Overcome by the feelings suddenly excited by this news, Natalie sank again upon her seat and covered her face with her hands. Tears gushed out between her delicate, slender fingers; her whole being was in violent, feverish commotion. Then, raising her arms toward heaven, with a celestial smile, while the tears overflowed her face, she said: “I am, then, no longer a homeless orphan; I have a fatherland, and my mother was an empress!”
Count Orloff respectfully kissed the hem of her garment.
“You are the daughter of an empress,” said he, “and will yourself be an empress! That was what Paulo wished, and therefore have they condemned him as a criminal. What he was unable to accomplish must be done by me, and for that purpose have I come. Princess Natalie, your fatherland calls you, your throne awaits you! Follow me to your crowning in the city of your fathers–follow me, that I may place the crown of your grandfather, Peter the Great, upon your noble and beautiful head!”
THE WARNING
From this time forward Alexis Orloff was the inseparable companion of Natalie. With the most reverential submission, and at the same time with the tenderest affection, seemed he to be devoted to her, and equally to adore her as his empress and his beloved.
He took pains to represent to her that she was necessarily and inevitably destined to become an empress.
And she had comprehended him but too well. Ambition was awakened in this young maiden of eighteen years; it was an imperial crown that called her–why should she not listen to this call coming from the lips of one in whom she had unlimited confidence, and toward whom she felt infinitely grateful?
He had unfolded and explained all to her. He had told her of her mother, the good Empress Elizabeth, who had made Russia so great and happy; he had explained to her how Count Paulo Rasczinsky had flown with her on the day of her mother’s death, in order to preserve her from the pursuits of her mother’s successor, the cunning and cruel Peter III., and to insure to her the realm at a later period. He had then spoken to her of Catharine, who had forcibly possessed herself of the throne of her unworthy husband, and taken the reins of government into her own hands. He had spoken to her of Catharine’s cruelty and despotic tyranny; he had told her that all Russia groaned under the oppression of this foreigner, and that a universal cry was heard through the whole realm, of lamentation and longing, a cry for her, the Russian princess, the grand-daughter of Peter the Great, the daughter of the beloved Elizabeth.
“You are called for by all these millions of your oppressed subjects now trodden in the dust,” said he; “toward you they stretch forth their trembling hands, from you they expect relief and consolation, from you they expect happiness!”

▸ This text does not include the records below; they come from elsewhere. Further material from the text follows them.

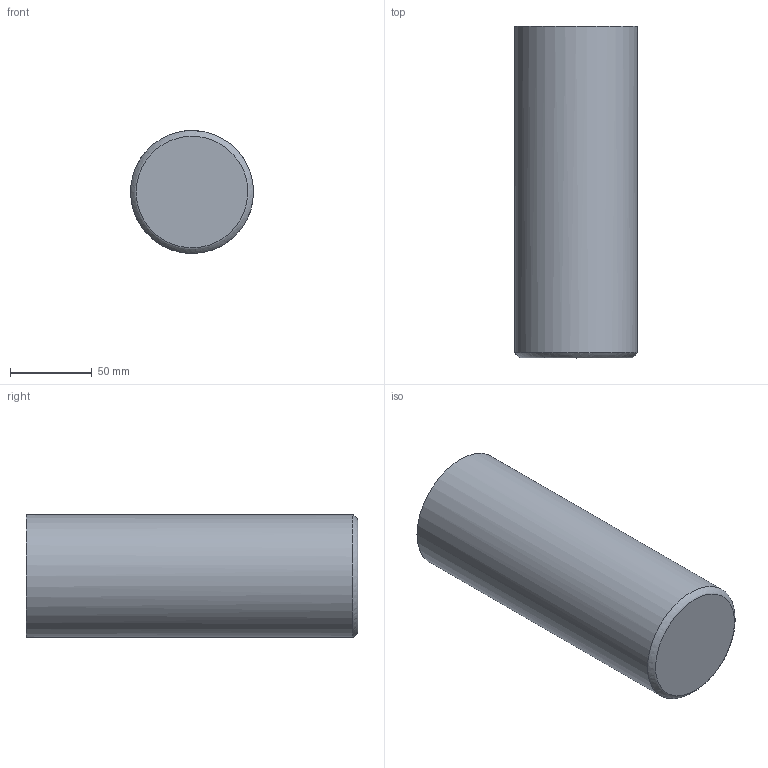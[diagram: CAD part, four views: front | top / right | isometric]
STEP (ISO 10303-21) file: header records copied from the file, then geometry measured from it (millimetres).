
FILE_DESCRIPTION(/* description */ (''),/* implementation_level */ '2;1');
FILE_NAME(/* name */ 'incubator_bottle.step',/* time_stamp */ '2023-12-29T20:59:42+01:00',/* author */ (''),/* organization */ (''),/* preprocessor_version */ 'ST-DEVELOPER v20',/* originating_system */ 'Autodesk Translation Framework v12.14.0.127',/* authorisation */ '');
FILE_SCHEMA (('AUTOMOTIVE_DESIGN { 1 0 10303 214 3 1 1 }'));
Length unit declared in the file: millimetre
Products named in the file (1): Bottle
Bounding box: 75.2 x 203 x 75.2 mm (x, y, z)
Volume: 158194.1 mm3; surface area: 98914.4 mm2
Topology: 1 solids, 1 shells, 6 faces, 8 edges, 5 vertices
Faces by surface type: plane 3, cylinder 2, bspline 1
Full cylindrical faces by diameter (mm): 69.8 x1, 75.2 x1
Entity records: 383 total; most frequent: CARTESIAN_POINT 245, DIRECTION 20, ORIENTED_EDGE 16, AXIS2_PLACEMENT_3D 9, EDGE_CURVE 8, EDGE_LOOP 7, FACE_OUTER_BOUND 6, ADVANCED_FACE 6

“And I will bring them happiness,” exclaimed Natalie, with emotion. “I will dry the tears of misery and console the suffering. Oh, my people shall love me as my mother once did!”
“The noblest of the land have pledged their property and their lives to give you back to your people,” said Orloff; “we have solemnly sworn it upon the altar of God, and for the attainment of this end no one of us will shun want or death, treason or revolt. Look at me, Natalie! I stand before you a traitor to this empress, to whom I have sworn faith and obedience; she has heaped favors upon me, and at one time I was even passionately devoted to her! But Count Paulo awoke me from that intoxication; he roused me from the condition of a favorite of the empress; he taught me to see the cruel, bloodthirsty empress in her true form; he spoke to me of your sacred rights, and when I recognized and comprehended them, I collected myself, vowed myself your knight, devoting myself to the defence of your rights, and swore to leave no artifices, no dissimulation, nor even treason itself, unessayed for the promotion of this great, this sublime object! Princess Natalie, for your sake I have become a traitor! The admiral of the Russian fleet, he whom the world calls the favorite of the empress, Count Alexis Orloff, lies at your feet and swears to you eternal faith, devotion, and adoration!”

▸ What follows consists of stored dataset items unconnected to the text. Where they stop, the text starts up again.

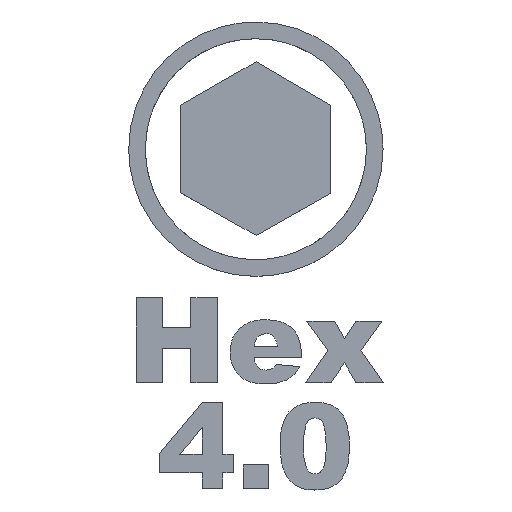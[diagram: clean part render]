
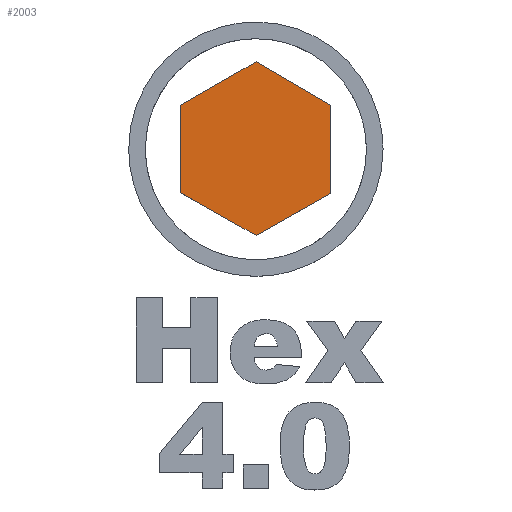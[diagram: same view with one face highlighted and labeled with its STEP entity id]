
A CAD part, top view. The second image highlights one B-rep face of the part: STEP entity #2003.
In plain terms, the highlighted planar face has unit normal (0, 0, 1).
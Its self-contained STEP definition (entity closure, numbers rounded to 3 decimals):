
#187=FACE_OUTER_BOUND('',#303,.T.);
#303=EDGE_LOOP('',(#1353,#1354,#1355,#1356,#1357,#1358));
#421=LINE('',#2548,#625);
#425=LINE('',#2556,#629);
#428=LINE('',#2562,#632);
#431=LINE('',#2568,#635);
#434=LINE('',#2574,#638);
#437=LINE('',#2579,#641);
#625=VECTOR('',#2206,10.);
#629=VECTOR('',#2212,10.);
#632=VECTOR('',#2217,10.);
#635=VECTOR('',#2222,10.);
#638=VECTOR('',#2227,10.);
#641=VECTOR('',#2232,10.);
#829=VERTEX_POINT('',#2546);
#830=VERTEX_POINT('',#2547);
#833=VERTEX_POINT('',#2555);
#835=VERTEX_POINT('',#2561);
#837=VERTEX_POINT('',#2567);
#839=VERTEX_POINT('',#2573);
#1029=EDGE_CURVE('',#829,#830,#421,.T.);
#1033=EDGE_CURVE('',#833,#829,#425,.T.);
#1036=EDGE_CURVE('',#835,#833,#428,.T.);
#1039=EDGE_CURVE('',#837,#835,#431,.T.);
#1042=EDGE_CURVE('',#839,#837,#434,.T.);
#1045=EDGE_CURVE('',#830,#839,#437,.T.);
#1353=ORIENTED_EDGE('',*,*,#1045,.F.);
#1354=ORIENTED_EDGE('',*,*,#1029,.F.);
#1355=ORIENTED_EDGE('',*,*,#1033,.F.);
#1356=ORIENTED_EDGE('',*,*,#1036,.F.);
#1357=ORIENTED_EDGE('',*,*,#1039,.F.);
#1358=ORIENTED_EDGE('',*,*,#1042,.F.);
#1935=PLANE('',#2140);
#2003=ADVANCED_FACE('',(#187),#1935,.T.);
#2140=AXIS2_PLACEMENT_3D('',#2581,#2234,#2235);
#2206=DIRECTION('',(-0.872,-0.489,0.));
#2212=DIRECTION('',(0.,-1.,0.));
#2217=DIRECTION('',(0.865,-0.502,0.));
#2222=DIRECTION('',(0.866,0.5,0.));
#2227=DIRECTION('',(0.,1.,0.));
#2232=DIRECTION('',(-0.87,0.494,0.));
#2234=DIRECTION('center_axis',(0.,0.,1.));
#2235=DIRECTION('ref_axis',(-1.,0.,0.));
#2546=CARTESIAN_POINT('',(13.552,-125.745,0.));
#2547=CARTESIAN_POINT('',(10.018,-127.728,0.));
#2548=CARTESIAN_POINT('',(13.552,-125.745,0.));
#2555=CARTESIAN_POINT('',(13.552,-121.588,0.));
#2556=CARTESIAN_POINT('',(13.552,-121.588,0.));
#2561=CARTESIAN_POINT('',(10.018,-119.539,0.));
#2562=CARTESIAN_POINT('',(10.018,-119.539,0.));
#2567=CARTESIAN_POINT('',(6.469,-121.588,0.));
#2568=CARTESIAN_POINT('',(6.469,-121.588,0.));
#2573=CARTESIAN_POINT('',(6.469,-125.714,0.));
#2574=CARTESIAN_POINT('',(6.469,-125.714,0.));
#2579=CARTESIAN_POINT('',(10.018,-127.728,0.));
#2581=CARTESIAN_POINT('Origin',(10.01,-123.634,0.));

“Alexis Orloff!” she joyfully exclaimed, “at length, then, I have a name by which I can call you! Alexis, was not that the name of my father? Oh, that is a good omen! You bear the name of my father, whom my mother so dearly loved!”
“And whom the empress, impelled by love, raised to the position of her husband,” whispered Orloff, bending nearer to her and pressing her hand to his bosom. Could you, indeed, love as warmly and devotedly as your mother loved her Alexis?”

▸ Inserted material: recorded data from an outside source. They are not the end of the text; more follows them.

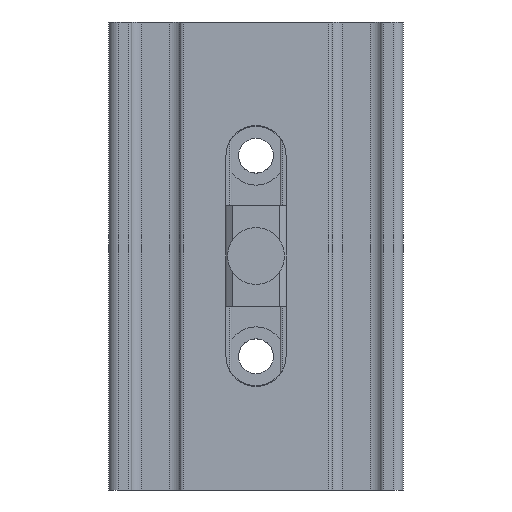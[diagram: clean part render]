
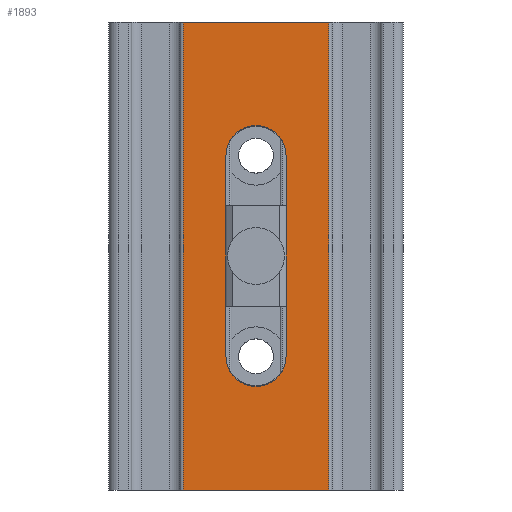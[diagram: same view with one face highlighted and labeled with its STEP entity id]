
A CAD part, front view. The second image highlights one B-rep face of the part: STEP entity #1893.
In plain terms, the highlighted planar face has unit normal (0, -1, 0).
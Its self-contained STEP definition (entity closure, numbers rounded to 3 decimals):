
#127=CARTESIAN_POINT('',(0.,0.,-40.));
#128=DIRECTION('',(0.,-1.,0.));
#129=DIRECTION('',(-1.,0.,0.));
#130=AXIS2_PLACEMENT_3D('',#127,#128,#129);
#135=DIRECTION('',(0.,0.,1.));
#136=VECTOR('',#135,30.);
#137=CARTESIAN_POINT('',(4.5,0.,-40.));
#138=LINE('',#137,#136);
#142=CARTESIAN_POINT('',(0.,0.,-10.));
#143=DIRECTION('',(0.,-1.,0.));
#144=DIRECTION('',(1.,0.,0.));
#145=AXIS2_PLACEMENT_3D('',#142,#143,#144);
#150=DIRECTION('',(0.,0.,-1.));
#151=VECTOR('',#150,30.);
#152=CARTESIAN_POINT('',(-4.5,0.,-10.));
#153=LINE('',#152,#151);
#157=DIRECTION('',(0.,0.,1.));
#158=VECTOR('',#157,70.);
#159=CARTESIAN_POINT('',(-10.9,0.,-60.));
#160=LINE('',#159,#158);
#544=DIRECTION('',(1.,0.,0.));
#545=VECTOR('',#544,21.8);
#546=CARTESIAN_POINT('',(-10.9,0.,10.));
#547=LINE('',#546,#545);
#864=DIRECTION('',(1.,0.,0.));
#865=VECTOR('',#864,21.8);
#866=CARTESIAN_POINT('',(-10.9,0.,-60.));
#867=LINE('',#866,#865);
#1141=DIRECTION('',(0.,0.,1.));
#1142=VECTOR('',#1141,70.);
#1143=CARTESIAN_POINT('',(10.9,0.,-60.));
#1144=LINE('',#1143,#1142);
#1430=CARTESIAN_POINT('',(-4.5,0.,-40.));
#1431=CARTESIAN_POINT('',(4.5,0.,-40.));
#1432=VERTEX_POINT('',#1430);
#1433=VERTEX_POINT('',#1431);
#1434=CARTESIAN_POINT('',(4.5,0.,-10.));
#1435=VERTEX_POINT('',#1434);
#1436=CARTESIAN_POINT('',(-4.5,0.,-10.));
#1437=VERTEX_POINT('',#1436);
#1487=CARTESIAN_POINT('',(-10.9,0.,10.));
#1488=VERTEX_POINT('',#1487);
#1489=CARTESIAN_POINT('',(10.9,0.,10.));
#1490=VERTEX_POINT('',#1489);
#1599=CARTESIAN_POINT('',(-10.9,0.,-60.));
#1600=VERTEX_POINT('',#1599);
#1601=CARTESIAN_POINT('',(10.9,0.,-60.));
#1602=VERTEX_POINT('',#1601);
#1869=CARTESIAN_POINT('',(-22.,0.,0.));
#1870=DIRECTION('',(0.,-1.,0.));
#1871=DIRECTION('',(1.,0.,0.));
#1872=AXIS2_PLACEMENT_3D('',#1869,#1870,#1871);
#1873=PLANE('',#1872);
#1875=ORIENTED_EDGE('',*,*,#1874,.F.);
#1877=ORIENTED_EDGE('',*,*,#1876,.F.);
#1878=ORIENTED_EDGE('',*,*,#1859,.T.);
#1880=ORIENTED_EDGE('',*,*,#1879,.T.);
#1881=EDGE_LOOP('',(#1875,#1877,#1878,#1880));
#1882=FACE_OUTER_BOUND('',#1881,.F.);
#1884=ORIENTED_EDGE('',*,*,#1883,.T.);
#1886=ORIENTED_EDGE('',*,*,#1885,.T.);
#1888=ORIENTED_EDGE('',*,*,#1887,.T.);
#1890=ORIENTED_EDGE('',*,*,#1889,.T.);
#1891=EDGE_LOOP('',(#1884,#1886,#1888,#1890));
#1892=FACE_BOUND('',#1891,.F.);
#1893=ADVANCED_FACE('',(#1882,#1892),#1873,.T.);
#131=CIRCLE('',#130,4.5);
#146=CIRCLE('',#145,4.5);
#1859=EDGE_CURVE('',#1600,#1488,#160,.T.);
#1874=EDGE_CURVE('',#1602,#1490,#1144,.T.);
#1876=EDGE_CURVE('',#1600,#1602,#867,.T.);
#1879=EDGE_CURVE('',#1488,#1490,#547,.T.);
#1883=EDGE_CURVE('',#1432,#1433,#131,.T.);
#1885=EDGE_CURVE('',#1433,#1435,#138,.T.);
#1887=EDGE_CURVE('',#1435,#1437,#146,.T.);
#1889=EDGE_CURVE('',#1437,#1432,#153,.T.);

The young maiden blushed and trembled, but a sweet smile played upon her lips, and although she cast down her eyes and did not look at him, yet Count Orloff saw that he had given no offence, and might venture still further.
He gently encircled her delicate form with his arm, and, inclining his mouth so close to her ear that she felt his hot breath upon her cheek, whispered: “Will Natalie love her Alexis as Elizabeth loved Alexis Razumovsky? Ah, you know not how boundlessly, how immeasurably I love you! Yes, immeasurably, Natalie. You are my happiness, my life, my future. Command me, rule me, make of me a traitor, a murderer! I will do whatever you command; at your desire I could even murder my own father! Only tell me, Natalie, that you do not hate me; tell me that my love will not be rejected by you; that this passion, under which I almost succumb, has found an echo in your heart, and that you will one day say to me, as Elizabeth said to your father, ‘Alexis, I love you, and will therefore make you my husband!’ You are silent, Natalie; have you no word of sympathy, of compassion for me! Ah, I offer up all to you, and you–“
He could proceed no further; he saw her turn toward him; he suddenly felt a glowing kiss upon his lips, and then, springing up from her seat, she fled through the rooms like a frightened roe, and took refuge in her boudoir, which she locked behind her.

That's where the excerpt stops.